そして「新治の 鳥羽の淡海(あふみ)も 秋風に 白波立ちぬ」と詠んだ。
この「鳥羽の淡海」は、現在の「騰波ノ江(とばのえ)駅」のあたりにあったといわれる、かなり大きな湖沼だという。
そして下妻(しもつま、しもづま)はこの南岸にあり、湖沼に面した場所で、縄文早期から古墳時代の遺跡が多く残されており、古くから人が住んで開いたことが知られている。
大きな都市である下妻地名の語源については、角川の日本の地名大辞典に、いくつかの説が書かれている。
1)郡の下方にて詰まりの地(郡郷考)
2)ツマは端にて、郡の下方の端の意(新編常陸)
3)「下ノ津」という漁場の北にある瀬上ヶ原に応徳3年(1087年)常陸大掾平清幹(吉田清幹)が城を築き、下ノ津に近いために「下津間城」と名付け、息男盛幹(なりもと:鹿島三郎)の居城としたため(常総誌略)
4)騰波ノ江沿岸のシモ(南部)・ツ(の=助詞)・マ(港の古語)の意(下妻市史)
との考え方が書かれている。基本的には4案に近いと感じているが、「ツ」は「の」で、「マ」が「港」 というのは逆のように思う。
ツ=津=湊 で マ=~の のことだろう。
さて、では上妻、中妻、三妻 などはどうであろう。
上妻だが、この湖沼の北側にあり、現在は住所地名としては残っていないが、小学校名などに使われている。
しかし、下妻があったので後から「上妻村」という地名にしたと思われ、明治22年に近隣の12ケ村が合併してできた村である。
また三妻村についても明治22年に三坂村と中妻村が合併したときにそれぞれの村の頭文字をとってつけられた名前である。
妻が三人もいたら大変だ。
「中妻」については茨城県だけでもかなりの場所に存在する。
妻の付く地名を角川の地名辞典から内容を抜粋してみよう。
中妻(常総市・水海道)・・・江戸時代から見られる村名
中妻(北茨城市)・・・花園川の下流右岸。1595年の検地目録に記載がある
中妻(水戸市・内原町)・・・明治22年に8ケ村が合併してできた村名だが、江戸時代に「中妻郷」が存在した。
中妻(城里町・常北町)・・・中妻三十三郷と呼ばれ、室町時代から地名は存在していた。
中妻(取手市小文間)・・・小貝川と利根川の合流点付近にあり、貝塚や縄文時代の遺跡が見つかっている。
北・南中妻(つくば市・谷田部町)・・・小野川右岸の筑波台地上にある。江戸時代から北中妻村、南中妻村としてあった。

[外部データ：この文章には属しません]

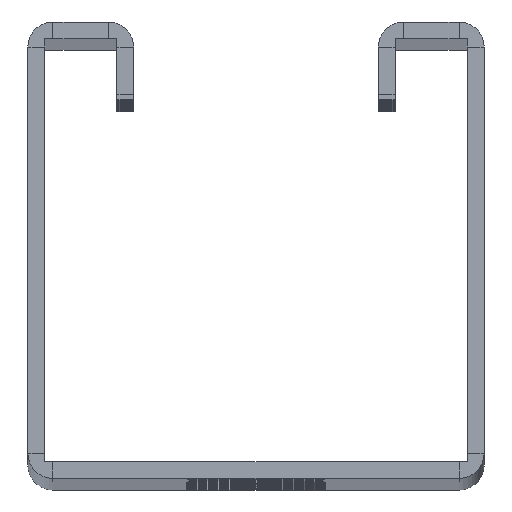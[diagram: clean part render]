
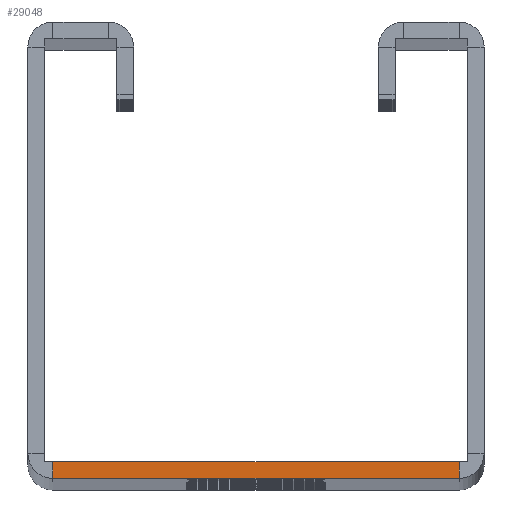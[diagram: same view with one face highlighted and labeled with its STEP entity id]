
A CAD part, top view. The second image highlights one B-rep face of the part: STEP entity #29048.
In plain terms, the highlighted planar face has unit normal (0, 0, 1).
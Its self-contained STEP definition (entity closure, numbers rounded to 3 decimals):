
#847 = CARTESIAN_POINT ( 'NONE',  ( -18.25, 0., 0. ) ) ;
#923 = DIRECTION ( 'NONE',  ( 1., 0., 0. ) ) ;
#1336 = ORIENTED_EDGE ( 'NONE', *, *, #36656, .F. ) ;
#3516 = LINE ( 'NONE', #27792, #13565 ) ;
#4525 = VECTOR ( 'NONE', #30462, 1000. ) ;
#4770 = EDGE_LOOP ( 'NONE', ( #33328, #24513, #16436, #1336 ) ) ;
#5065 = EDGE_CURVE ( 'NONE', #30859, #35787, #30194, .T. ) ;
#5077 = CARTESIAN_POINT ( 'NONE',  ( -18.25, 1.5, 0. ) ) ;
#8762 = LINE ( 'NONE', #11679, #12863 ) ;
#11679 = CARTESIAN_POINT ( 'NONE',  ( -18.25, 1.5, 0. ) ) ;
#12863 = VECTOR ( 'NONE', #17550, 1000. ) ;
#13028 = LINE ( 'NONE', #27305, #24504 ) ;
#13565 = VECTOR ( 'NONE', #15744, 1000. ) ;
#15118 = CARTESIAN_POINT ( 'NONE',  ( -13.25, 38.75, 0. ) ) ;
#15494 = PLANE ( 'NONE',  #37171 ) ;
#15561 = CARTESIAN_POINT ( 'NONE',  ( 0., 0., 0. ) ) ;
#15744 = DIRECTION ( 'NONE',  ( 0., -1., 0. ) ) ;
#16436 = ORIENTED_EDGE ( 'NONE', *, *, #5065, .F. ) ;
#16614 = EDGE_CURVE ( 'NONE', #19495, #35787, #8762, .T. ) ;
#17550 = DIRECTION ( 'NONE',  ( 0., -1., 0. ) ) ;
#19495 = VERTEX_POINT ( 'NONE', #5077 ) ;
#20416 = EDGE_CURVE ( 'NONE', #28628, #19495, #13028, .T. ) ;
#21386 = DIRECTION ( 'NONE',  ( 0., 0., 1. ) ) ;
#24504 = VECTOR ( 'NONE', #29909, 1000. ) ;
#24513 = ORIENTED_EDGE ( 'NONE', *, *, #16614, .T. ) ;
#27305 = CARTESIAN_POINT ( 'NONE',  ( 0., 1.5, 0. ) ) ;
#27792 = CARTESIAN_POINT ( 'NONE',  ( 18.25, 1.5, 0. ) ) ;
#28546 = CARTESIAN_POINT ( 'NONE',  ( 18.25, 0., 0. ) ) ;
#28628 = VERTEX_POINT ( 'NONE', #36356 ) ;
#29048 = ADVANCED_FACE ( 'NONE', ( #30898 ), #15494, .T. ) ;
#29909 = DIRECTION ( 'NONE',  ( -1., 0., 0. ) ) ;
#30194 = LINE ( 'NONE', #15561, #4525 ) ;
#30462 = DIRECTION ( 'NONE',  ( -1., 0., 0. ) ) ;
#30859 = VERTEX_POINT ( 'NONE', #28546 ) ;
#30898 = FACE_OUTER_BOUND ( 'NONE', #4770, .T. ) ;
#33328 = ORIENTED_EDGE ( 'NONE', *, *, #20416, .T. ) ;
#35787 = VERTEX_POINT ( 'NONE', #847 ) ;
#36356 = CARTESIAN_POINT ( 'NONE',  ( 18.25, 1.5, 0. ) ) ;
#36656 = EDGE_CURVE ( 'NONE', #28628, #30859, #3516, .T. ) ;
#37171 = AXIS2_PLACEMENT_3D ( 'NONE', #15118, #21386, #923 ) ;

小妻(常陸太田市・里美村)・・・里川上流の段丘上に開ける。古くから薪炭(まきずみ)を利用して鍬(スキ)先を生産していた。
吾妻(つくば市・桜村)・・・昭和52年に誕生した町名
妻木(サイキ:つくば市・桜村)・・・花室川の上流右岸に位置し、江戸期から見られる村名だが、「才木村」とも書いたという。
どうも妻の漢字は後から当てたものだろう。
川妻(五霞町)・・・利根川右岸にあり、地名は川沿いにあり、西北端が三角形で、つま形をしていることによるという。鎌倉時代に「河妻郷」(下総国)が存在した。しかし洪水の多発地域で江戸期には権現堂川の決壊が17回あったという。
「妻」地名は比較的新しいものもあるが、古くからある場所のほとんどが川沿いの台地が多く、また洪水被害も多発している場所が多い。やはり「妻=つま=ぬま=沼」というような構図とも考えられそうだ。
アイヌ語で沼のことは「ト、トー」とか「トマム」というようだが、トマムは湿地帯で、トーは湖などに使われる。
また日本語となっている「沼=ヌマ」もどうも古代に新羅国から伝わってきたようでもある。
古事記(712年)に「新羅国に一つの沼(ぬま)有り、名を阿具奴摩(アグヌマ)と謂ふ」と出てくるという。
また万葉集の歌にも「奴麻=ヌマ」が出ている。